Records contained in a dataset:
===

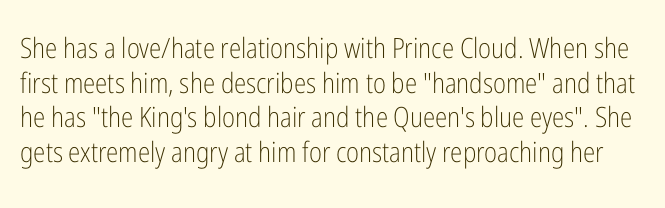
{"serif": "no", "italic": "no", "bold": "no", "weight": "light", "width": "condensed", "stroke_contrast": "low", "x_height": "medium", "monospaced": "no", "underline": "no", "line_spacing_ratio": 1.24, "letter_spacing": "normal", "letter_spacing_em": 0.0, "glyph_px": 28}
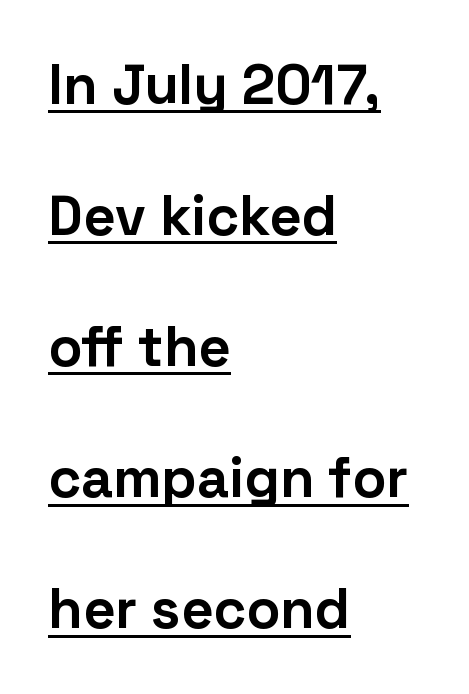
{"serif": "no", "italic": "no", "bold": "yes", "weight": "bold", "width": "normal", "stroke_contrast": "low", "x_height": "medium", "monospaced": "no", "underline": "yes", "align": "left", "line_spacing": "loose", "line_spacing_ratio": 2.34, "letter_spacing": "normal", "letter_spacing_em": 0.0, "glyph_px": 56}
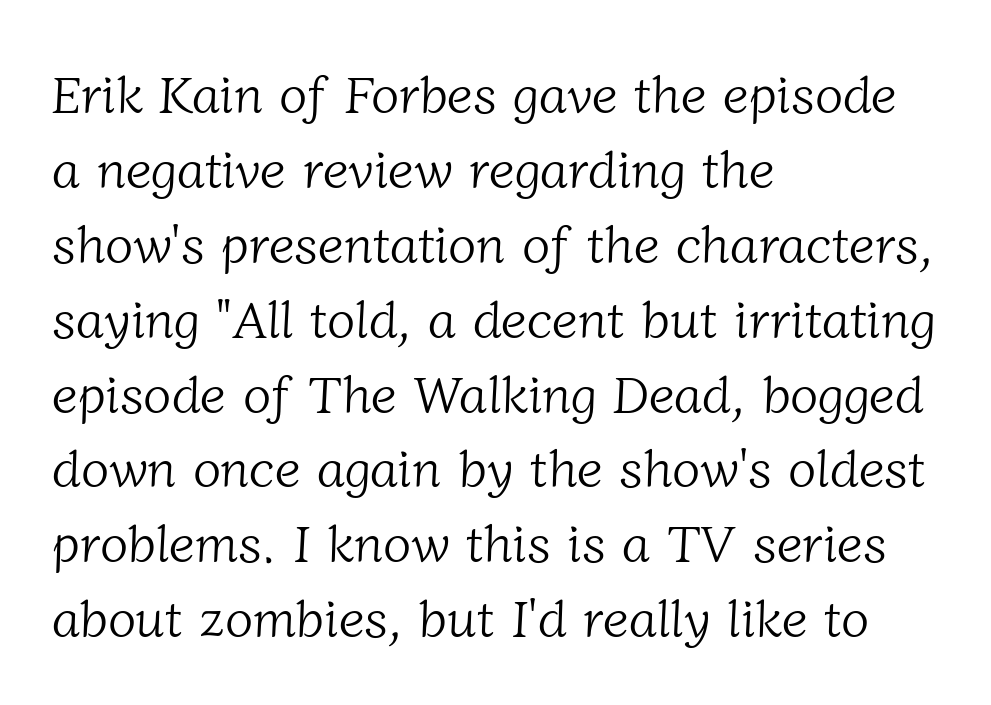
{"serif": "yes", "bold": "no", "weight": "light", "width": "normal", "stroke_contrast": "low", "x_height": "medium", "monospaced": "no", "underline": "no", "align": "left", "line_spacing": "normal", "line_spacing_ratio": 1.44, "letter_spacing": "normal", "letter_spacing_em": 0.0, "glyph_px": 52}
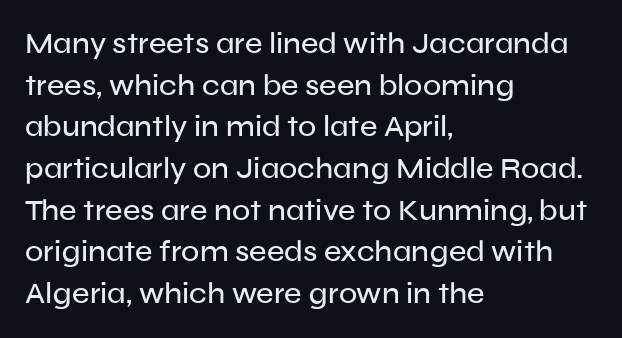
{"serif": "no", "italic": "no", "width": "normal", "stroke_contrast": "low", "x_height": "medium", "monospaced": "no", "underline": "no", "align": "left", "line_spacing": "normal", "line_spacing_ratio": 1.39, "letter_spacing": "normal", "letter_spacing_em": 0.0, "glyph_px": 30}
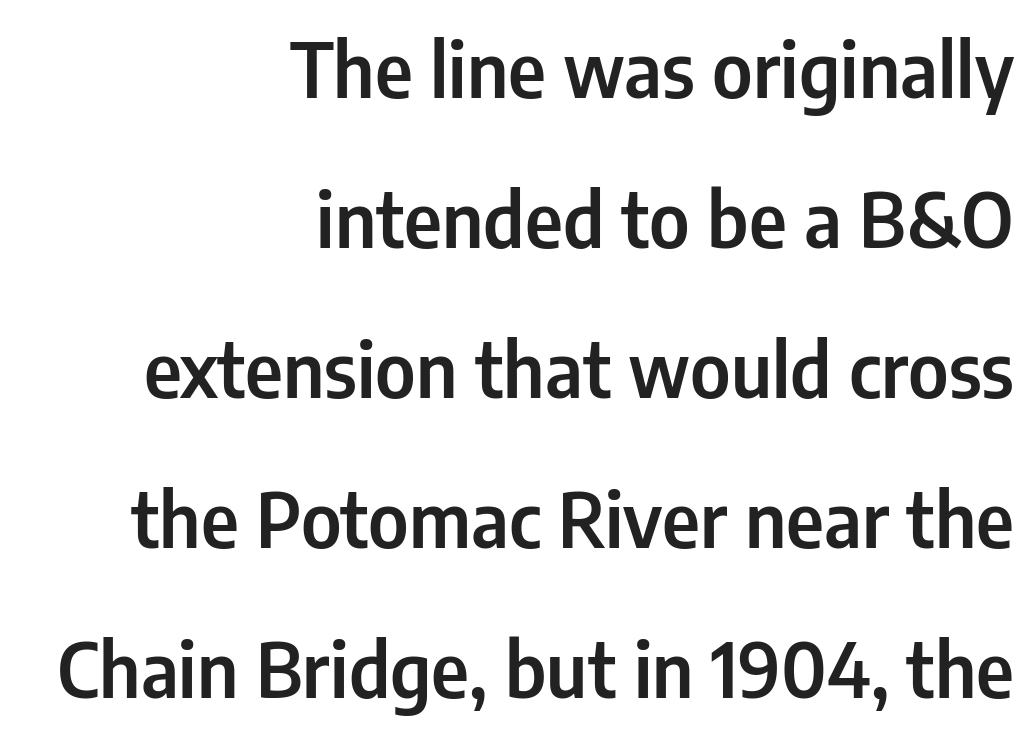
{"serif": "no", "italic": "no", "width": "condensed", "stroke_contrast": "low", "x_height": "medium", "monospaced": "no", "underline": "no", "align": "right", "line_spacing": "loose", "line_spacing_ratio": 2.0, "letter_spacing": "normal", "letter_spacing_em": 0.0, "glyph_px": 75}
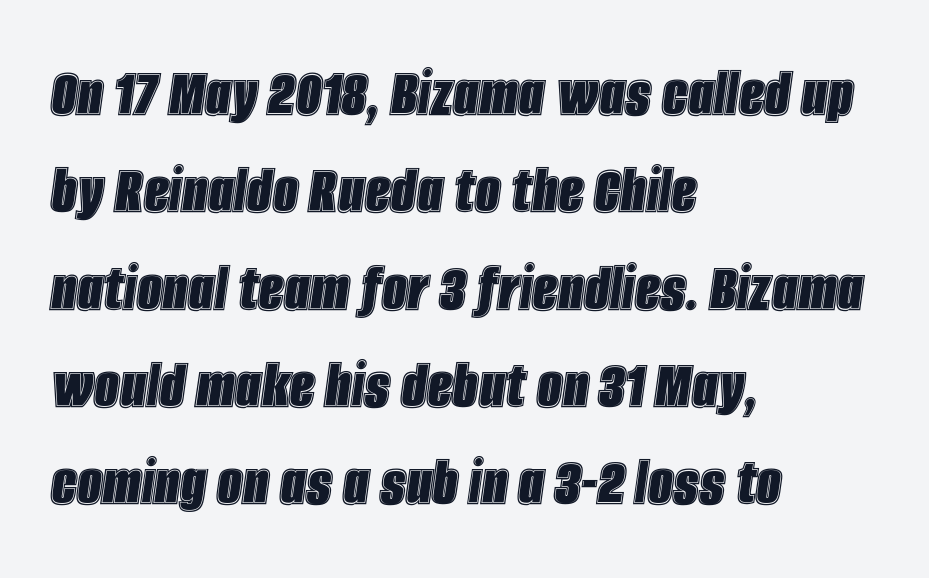
Q: Is the text italic (slanted)? A: Yes, it leans right by about 8 degrees.
Q: Is the text underlined? A: No.
Q: How is the paragraph aligned? A: Left-aligned.
Q: Is the spacing between letters normal or unusually wide? A: Normal.
Q: Is the spacing between lines tight, normal or loose? A: Normal.
Q: Width (condensed, normal, or wide)? A: Condensed.
Q: x-height? A: Large.
Q: Monospaced? A: No.
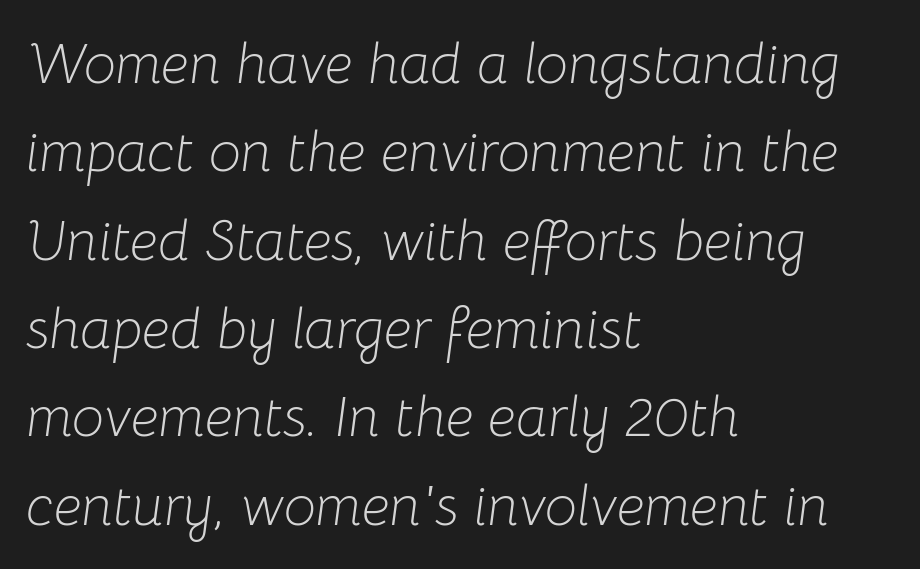
Note the varied advance widths — an 'i' is clearly narrower than an 'm'. Only glyphs here, with clear space below each row. Emphasis-style slanted type is in use. Students, observe: this is what conventionally led text looks like.
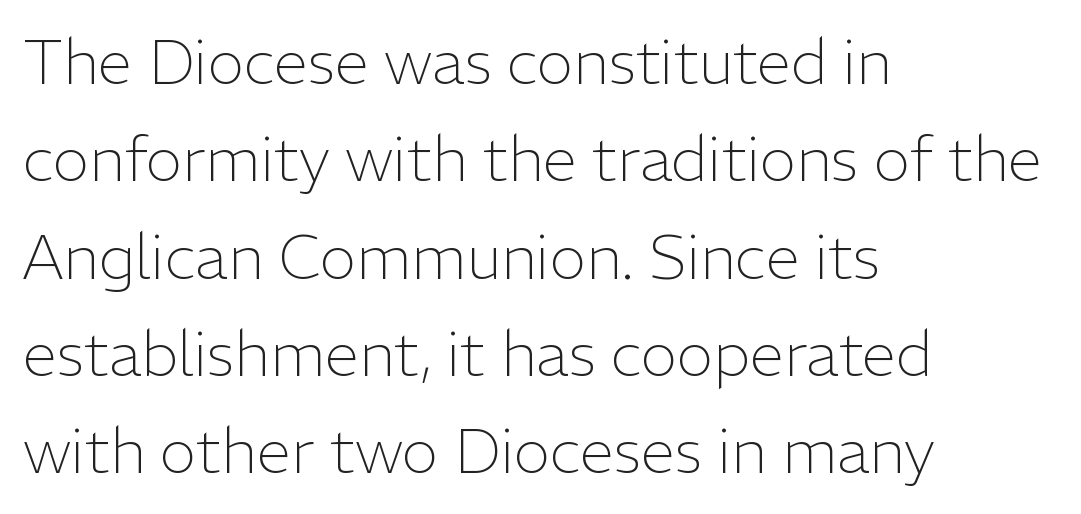
{"serif": "no", "italic": "no", "bold": "no", "weight": "light", "width": "normal", "stroke_contrast": "low", "x_height": "medium", "monospaced": "no", "underline": "no", "align": "left", "line_spacing": "normal", "line_spacing_ratio": 1.57, "letter_spacing": "normal", "letter_spacing_em": 0.0, "glyph_px": 62}
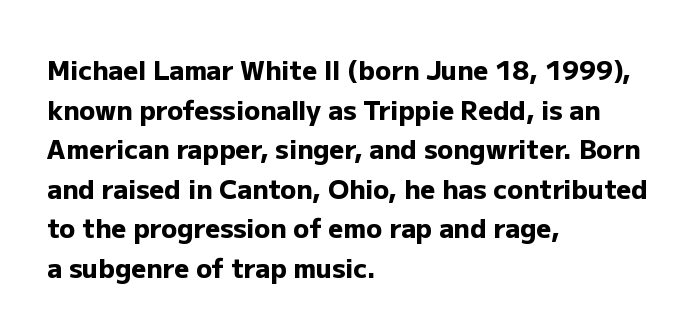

===

-- WORK TASK --
With pictures left out, repeat exactly the lines from the one containing "Q: Is the text underlined? A: No." through the last line of the data above, inclusive, and nothing else.

-- WRITTEN REPLY --
Q: Is the text underlined? A: No.
Q: How is the paragraph aligned? A: Left-aligned.
Q: Is the spacing between letters normal or unusually wide? A: Normal.
Q: Is the spacing between lines tight, normal or loose? A: Normal.
Q: Width (condensed, normal, or wide)? A: Condensed.
Q: x-height? A: Large.
Q: Monospaced? A: No.
Note the varied advance widths — an 'i' is clearly narrower than an 'm'. Only glyphs here, with clear space below each row. Emphasis-style slanted type is in use. Students, observe: this is what conventionally led text looks like.
{"serif": "no", "italic": "no", "bold": "no", "weight": "light", "width": "normal", "stroke_contrast": "low", "x_height": "medium", "monospaced": "no", "underline": "no", "align": "left", "line_spacing": "normal", "line_spacing_ratio": 1.57, "letter_spacing": "normal", "letter_spacing_em": 0.0, "glyph_px": 62}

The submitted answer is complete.